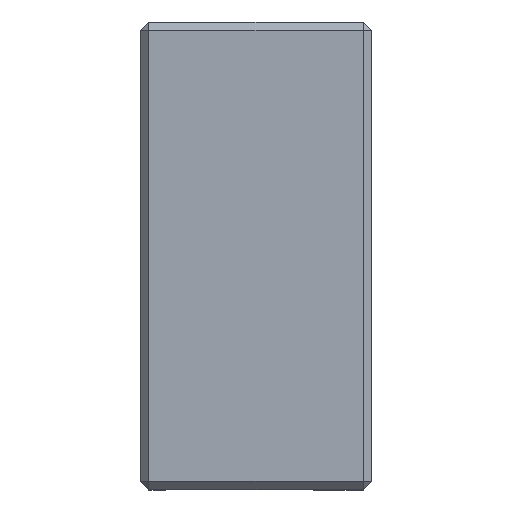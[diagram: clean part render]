
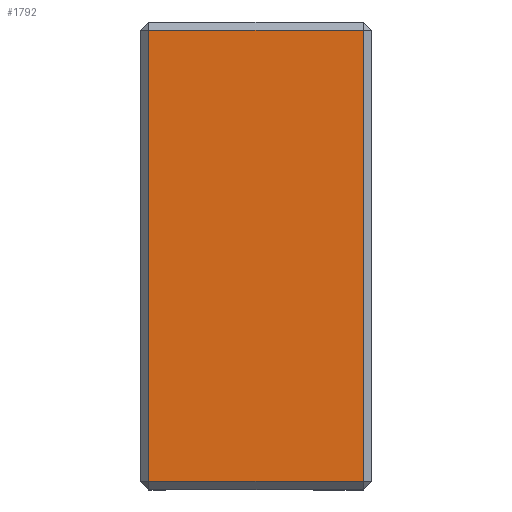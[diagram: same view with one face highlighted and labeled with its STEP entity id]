
A CAD part, top view. The second image highlights one B-rep face of the part: STEP entity #1792.
In plain terms, the highlighted planar face has unit normal (0, 0, 1).
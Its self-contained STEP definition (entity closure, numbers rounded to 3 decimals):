
#11 = LINE ( 'NONE', #136, #714 ) ;
#29 = CARTESIAN_POINT ( 'NONE',  ( -11.05, -28.5, 0. ) ) ;
#35 = CARTESIAN_POINT ( 'NONE',  ( -11.05, 27.5, 0. ) ) ;
#77 = LINE ( 'NONE', #670, #1616 ) ;
#136 = CARTESIAN_POINT ( 'NONE',  ( -12.05, 27.5, 0. ) ) ;
#162 = EDGE_LOOP ( 'NONE', ( #1317, #1769, #1274, #944 ) ) ;
#273 = EDGE_CURVE ( 'NONE', #1515, #621, #509, .T. ) ;
#277 = CARTESIAN_POINT ( 'NONE',  ( -11.05, -27.5, 0. ) ) ;
#387 = DIRECTION ( 'NONE',  ( 0., 1., 0. ) ) ;
#398 = DIRECTION ( 'NONE',  ( 0., 0., -1. ) ) ;
#441 = DIRECTION ( 'NONE',  ( -1., 0., 0. ) ) ;
#466 = EDGE_CURVE ( 'NONE', #708, #1515, #11, .T. ) ;
#509 = LINE ( 'NONE', #29, #1846 ) ;
#618 = DIRECTION ( 'NONE',  ( 0., -1., 0. ) ) ;
#621 = VERTEX_POINT ( 'NONE', #277 ) ;
#670 = CARTESIAN_POINT ( 'NONE',  ( 16.05, -27.5, 0. ) ) ;
#706 = FACE_OUTER_BOUND ( 'NONE', #162, .T. ) ;
#708 = VERTEX_POINT ( 'NONE', #1814 ) ;
#714 = VECTOR ( 'NONE', #441, 1000. ) ;
#793 = EDGE_CURVE ( 'NONE', #621, #1473, #77, .T. ) ;
#802 = VECTOR ( 'NONE', #387, 1000. ) ;
#803 = EDGE_CURVE ( 'NONE', #1473, #708, #1276, .T. ) ;
#831 = CARTESIAN_POINT ( 'NONE',  ( 0., 0., 0. ) ) ;
#850 = DIRECTION ( 'NONE',  ( -1., 0., 0. ) ) ;
#944 = ORIENTED_EDGE ( 'NONE', *, *, #803, .T. ) ;
#1258 = CARTESIAN_POINT ( 'NONE',  ( 15.05, 0., 0. ) ) ;
#1274 = ORIENTED_EDGE ( 'NONE', *, *, #793, .T. ) ;
#1276 = LINE ( 'NONE', #1258, #802 ) ;
#1315 = CARTESIAN_POINT ( 'NONE',  ( 15.05, -27.5, 0. ) ) ;
#1317 = ORIENTED_EDGE ( 'NONE', *, *, #466, .T. ) ;
#1473 = VERTEX_POINT ( 'NONE', #1315 ) ;
#1515 = VERTEX_POINT ( 'NONE', #35 ) ;
#1616 = VECTOR ( 'NONE', #1847, 1000. ) ;
#1624 = AXIS2_PLACEMENT_3D ( 'NONE', #831, #398, #850 ) ;
#1769 = ORIENTED_EDGE ( 'NONE', *, *, #273, .T. ) ;
#1792 = ADVANCED_FACE ( 'NONE', ( #706 ), #1875, .F. ) ;
#1814 = CARTESIAN_POINT ( 'NONE',  ( 15.05, 27.5, 0. ) ) ;
#1846 = VECTOR ( 'NONE', #618, 1000. ) ;
#1847 = DIRECTION ( 'NONE',  ( 1., 0., 0. ) ) ;
#1875 = PLANE ( 'NONE',  #1624 ) ;

■ ■ ■

• [WORK INSTRUCTIONS] What you return should be the entries from above, unchanged and without their images.

• [PROBLEM SOLUTION]
[diagram: clean part render]
[diagram: same view with one face highlighted and labeled with its STEP entity id]
A CAD part, top view. The second image highlights one B-rep face of the part: STEP entity #1792.
In plain terms, the highlighted planar face has unit normal (0, 0, 1).
Its self-contained STEP definition (entity closure, numbers rounded to 3 decimals):
#11 = LINE ( 'NONE', #136, #714 ) ;
#29 = CARTESIAN_POINT ( 'NONE',  ( -11.05, -28.5, 0. ) ) ;
#35 = CARTESIAN_POINT ( 'NONE',  ( -11.05, 27.5, 0. ) ) ;
#77 = LINE ( 'NONE', #670, #1616 ) ;
#136 = CARTESIAN_POINT ( 'NONE',  ( -12.05, 27.5, 0. ) ) ;
#162 = EDGE_LOOP ( 'NONE', ( #1317, #1769, #1274, #944 ) ) ;
#273 = EDGE_CURVE ( 'NONE', #1515, #621, #509, .T. ) ;
#277 = CARTESIAN_POINT ( 'NONE',  ( -11.05, -27.5, 0. ) ) ;
#387 = DIRECTION ( 'NONE',  ( 0., 1., 0. ) ) ;
#398 = DIRECTION ( 'NONE',  ( 0., 0., -1. ) ) ;
#441 = DIRECTION ( 'NONE',  ( -1., 0., 0. ) ) ;
#466 = EDGE_CURVE ( 'NONE', #708, #1515, #11, .T. ) ;
#509 = LINE ( 'NONE', #29, #1846 ) ;
#618 = DIRECTION ( 'NONE',  ( 0., -1., 0. ) ) ;
#621 = VERTEX_POINT ( 'NONE', #277 ) ;
#670 = CARTESIAN_POINT ( 'NONE',  ( 16.05, -27.5, 0. ) ) ;
#706 = FACE_OUTER_BOUND ( 'NONE', #162, .T. ) ;
#708 = VERTEX_POINT ( 'NONE', #1814 ) ;
#714 = VECTOR ( 'NONE', #441, 1000. ) ;
#793 = EDGE_CURVE ( 'NONE', #621, #1473, #77, .T. ) ;
#802 = VECTOR ( 'NONE', #387, 1000. ) ;
#803 = EDGE_CURVE ( 'NONE', #1473, #708, #1276, .T. ) ;
#831 = CARTESIAN_POINT ( 'NONE',  ( 0., 0., 0. ) ) ;
#850 = DIRECTION ( 'NONE',  ( -1., 0., 0. ) ) ;
#944 = ORIENTED_EDGE ( 'NONE', *, *, #803, .T. ) ;
#1258 = CARTESIAN_POINT ( 'NONE',  ( 15.05, 0., 0. ) ) ;
#1274 = ORIENTED_EDGE ( 'NONE', *, *, #793, .T. ) ;
#1276 = LINE ( 'NONE', #1258, #802 ) ;
#1315 = CARTESIAN_POINT ( 'NONE',  ( 15.05, -27.5, 0. ) ) ;
#1317 = ORIENTED_EDGE ( 'NONE', *, *, #466, .T. ) ;
#1473 = VERTEX_POINT ( 'NONE', #1315 ) ;
#1515 = VERTEX_POINT ( 'NONE', #35 ) ;
#1616 = VECTOR ( 'NONE', #1847, 1000. ) ;
#1624 = AXIS2_PLACEMENT_3D ( 'NONE', #831, #398, #850 ) ;
#1769 = ORIENTED_EDGE ( 'NONE', *, *, #273, .T. ) ;
#1792 = ADVANCED_FACE ( 'NONE', ( #706 ), #1875, .F. ) ;
#1814 = CARTESIAN_POINT ( 'NONE',  ( 15.05, 27.5, 0. ) ) ;
#1846 = VECTOR ( 'NONE', #618, 1000. ) ;
#1847 = DIRECTION ( 'NONE',  ( 1., 0., 0. ) ) ;
#1875 = PLANE ( 'NONE',  #1624 ) ;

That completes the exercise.